Capitão América
(Captain America),
de Joe Johnston (EUA, 2011)
por Thiago Brito
Jogando
pro time
Dentro
da idéia de uma série televisiva, ou pelo menos
da noção televisiva norte-americana, temos em geral
a forma da independência interdependente dos episódios:
embora fechados em si mesmo, isto é, porquanto que subsistam
a partir de elementos dramáticos que os realize quase que
plenamente, os episódios são como núcleos
que tendem a aglutinar-se em direção a uma visão
geral, que é a imagem, o conceito final que instaura a
série. Vertendo-se ao mundo do cinema, vemos a criação
de filmes que tendem a uma incompletude. Isto é,
filmes que devem ser suficientes dentro de seu universo ao mesmo
tempo em que precisam se abrir e se justificar perante um projeto
maior, neste caso o blockbuster Os Vingadores.

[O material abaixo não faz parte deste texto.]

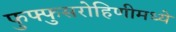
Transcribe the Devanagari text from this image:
फुफ्फुसरोहिणीमध्ये
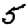
Digit: 5
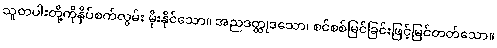
သူတပါးတို့ကိုနှိပ်စက်လွမ်း မိုးနိုင်သော။ အညဒတ္ထုဒသော၊ စင်စစ်မြင်ခြင်းဖြင့်မြင်တတ်သော။
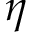
\eta
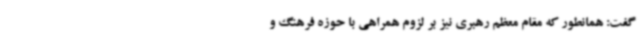
گفت: همانطور که مقام معظم رهبری نیز بر لزوم همراهی با حوزه فرهنگ و
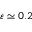
\varepsilon \simeq 0 . 2
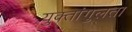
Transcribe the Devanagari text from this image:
युक्तांगुलता
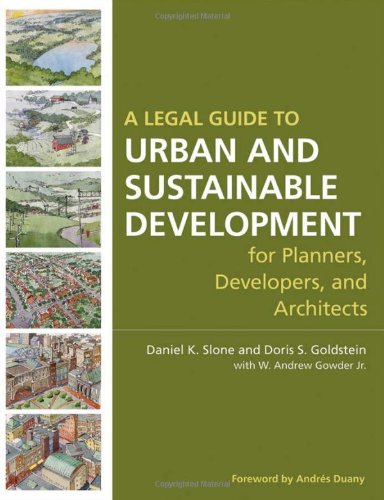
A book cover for A Legal Guide to Urban and Sustainable Development for Planners, Developers and Architects; Daniel K. Slone; Law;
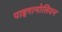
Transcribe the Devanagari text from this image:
पाइगामोलियन
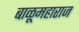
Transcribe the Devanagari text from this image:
बाळूमहाराज
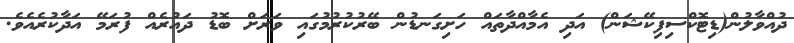
ދުއްވާލުން(ޑިޓޮކްސިފިކޭޝަން) އަދި އެމާއްދާތައް ހަށިގަނޑުން ބޭރުކުރުމުގައި ވަރަށް ބޮޑު ދައުރެއް ފުރަމޭ އަދާކުރެއެވެ.
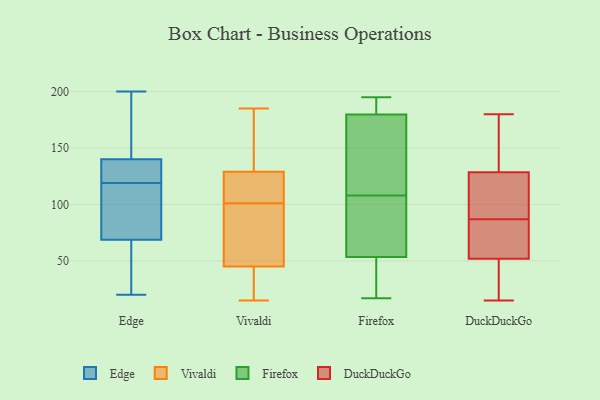
{"axis": {"x": "Bounce Rate (%)", "y": "Value"}, "legend": ["DuckDuckGo", "Edge", "Firefox", "Vivaldi"], "data": [{"x": "", "y": 92, "type": "Edge"}, {"x": "", "y": 20, "type": "Edge"}, {"x": "", "y": 200, "type": "Edge"}, {"x": "", "y": 112, "type": "Edge"}, {"x": "", "y": 30, "type": "Edge"}, {"x": "", "y": 61, "type": "Edge"}, {"x": "", "y": 132, "type": "Edge"}, {"x": "", "y": 141, "type": "Edge"}, {"x": "", "y": 100, "type": "Edge"}, {"x": "", "y": 137, "type": "Edge"}, {"x": "", "y": 54, "type": "Edge"}, {"x": "", "y": 144, "type": "Edge"}, {"x": "", "y": 128, "type": "Edge"}, {"x": "", "y": 119, "type": "Edge"}, {"x": "", "y": 191, "type": "Edge"}, {"x": "", "y": 15, "type": "Vivaldi"}, {"x": "", "y": 17, "type": "Vivaldi"}, {"x": "", "y": 126, "type": "Vivaldi"}, {"x": "", "y": 185, "type": "Vivaldi"}, {"x": "", "y": 73, "type": "Vivaldi"}, {"x": "", "y": 45, "type": "Vivaldi"}, {"x": "", "y": 78, "type": "Vivaldi"}, {"x": "", "y": 124, "type": "Vivaldi"}, {"x": "", "y": 177, "type": "Vivaldi"}, {"x": "", "y": 129, "type": "Vivaldi"}, {"x": "", "y": 17, "type": "Firefox"}, {"x": "", "y": 161, "type": "Firefox"}, {"x": "", "y": 108, "type": "Firefox"}, {"x": "", "y": 108, "type": "Firefox"}, {"x": "", "y": 192, "type": "Firefox"}, {"x": "", "y": 55, "type": "Firefox"}, {"x": "", "y": 53, "type": "Firefox"}, {"x": "", "y": 186, "type": "Firefox"}, {"x": "", "y": 17, "type": "Firefox"}, {"x": "", "y": 195, "type": "Firefox"}, {"x": "", "y": 119, "type": "Firefox"}, {"x": "", "y": 45, "type": "DuckDuckGo"}, {"x": "", "y": 121, "type": "DuckDuckGo"}, {"x": "", "y": 53, "type": "DuckDuckGo"}, {"x": "", "y": 74, "type": "DuckDuckGo"}, {"x": "", "y": 128, "type": "DuckDuckGo"}, {"x": "", "y": 51, "type": "DuckDuckGo"}, {"x": "", "y": 180, "type": "DuckDuckGo"}, {"x": "", "y": 83, "type": "DuckDuckGo"}, {"x": "", "y": 119, "type": "DuckDuckGo"}, {"x": "", "y": 135, "type": "DuckDuckGo"}, {"x": "", "y": 57, "type": "DuckDuckGo"}, {"x": "", "y": 129, "type": "DuckDuckGo"}, {"x": "", "y": 15, "type": "DuckDuckGo"}, {"x": "", "y": 167, "type": "DuckDuckGo"}, {"x": "", "y": 113, "type": "DuckDuckGo"}, {"x": "", "y": 31, "type": "DuckDuckGo"}, {"x": "", "y": 140, "type": "DuckDuckGo"}, {"x": "", "y": 91, "type": "DuckDuckGo"}, {"x": "", "y": 62, "type": "DuckDuckGo"}, {"x": "", "y": 33, "type": "DuckDuckGo"}]}
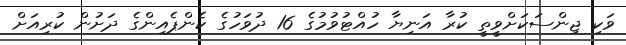
ވަކި ޖިންސަކަށްވީތީ ކުރާ އަނިޔާ ހުއްޓުވުމުގެ 16 ދުވަހުގެ ކެންޕެއިންގެ ދަށުން ކުރިއަށް
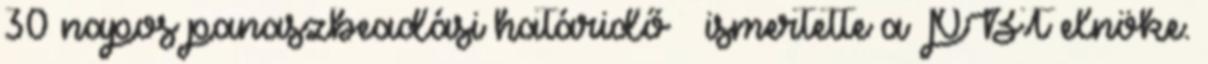
30 napos panaszbeadási határidő – ismertette a PBT elnöke.
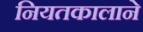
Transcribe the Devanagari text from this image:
नियतकालाने
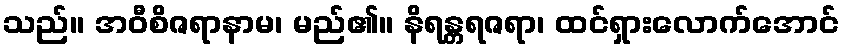
သည်။ အဝီစိဇရာနာမ၊ မည်၏။ နိရန္တရဇရာ၊ ထင်ရှားလောက်အောင်
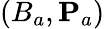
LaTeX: (B_{a},{\mathbf P}_{a})

Com isso, filmes como Homem de Ferro, Hulk,
Thor e Capitão América precisam
de distinções estilísticas que os pontuem
e diferenciem, mas não podem renegar uma perspectiva geral
de se amalgamarem em algum futuro próximo. Tanto Homem
de Ferro, quanto Thor e Hulk trabalharam
a linha da trajetória do herói, fazendo dos embates
subjetivos e psicológicos de seus protagonistas o motor
de suas narrativas. Capitão América, no
entanto, viu-se obrigado a partir de outra perspectiva: impossibilitados
de adentrarem plenamente o legado original da história
em quadrinhos, por contingências extra-diegéticas
sociais e políticas (digamos que nacionalismo pró-EUA
não está em alta na bolsa de valores), onde o Capitão
Rogers era de fato um completo ufanista norte-americano, uma grande
arma alegórica do "homem comum e frágil"
que transforma a sua vida para a luta contra o nazismo, Joe Johnston
e sua equipe foram obrigados a pautar seu programa a partir de
outros paradigmas.
A
vocação para a guerra, aqui, não passa de
um MacGuffin. É, trocando em miúdos, algo que o
personagem de Rogers pode até se preocupar, mas que jamais
toca de fato o espectador, jamais é elevado a um status
ideológico cabal. Rogers não tem uma trajetória
muito clara; ele é o Capitão América muito
antes de o filme iniciar. Ele é por que ele é, por
que ele precisa ser, por que se não existir o Capitão
América, não há filme, não há
vingadores, não há nada. Sua trajetória é
o que justifica toda empreitada - mas as razões por trás
de sua trajetória são obscuras, nada claras. Ele
quer a guerra porque é pequeno, porque quer provar que
pode ajudar, porque quer se sentir importante; quer matar a o
vilão por que matou seu amigo, porque esse é seu
dever, porque quer servir.
De uma forma ou de outra, todas as justificativas empregadas pelo
filme acabam sendo, a bem da verdade, nada mais do que desculpas,
nunca uma via para se "compreender" Rogers. A perspectiva
psicológica da trajetória do herói, seja
a partir de um trauma, seja a partir de uma epifania completa
que conscientiza o herói do seu verdadeiro lugar no mundo,
são aqui rechaçadas, o que faz de Capitão
América o único filme em toda saga Os Vingadores
que teve que se valer quase que unicamente da sua possibilidade
enquanto espetáculo visual. Rogers é, antes
de tudo, uma imagem, uma representação assumida
e consciente. Ele deve se valer por sua roupa e seu escudo, como
uma figura mitológica dos quadrinhos agora transposto para
sobreviver em película. A relação com
o personagem não se dará a partir das noções
anteriores, de um contato íntimo com seus medos e fraquezas,
mas com seu corpo, seu porte físico, sua força enquanto
imagem. A Rogers, pede-se que tenha charme, carisma, que seja
engraçado, desengonçado, que nos faça querer
segui-lo por suas manias e não pelo drama que possivelmente
esteja sofrendo. Atualmente, a formação do Capitão
América não mais passa pelo crivo ideológico;
ale passa, sobretudo, pelo crivo estético.
Poderia
Joe Johnston pegar seu personagem e retrabalhá-lo a ponto
de subverter todas as perspectivas anteriores e nos apresentar
um novo caminho e uma nova leitura? Tudo vale a pena se a alma
não é pequena. Mas, aqui, infelizmente ela é.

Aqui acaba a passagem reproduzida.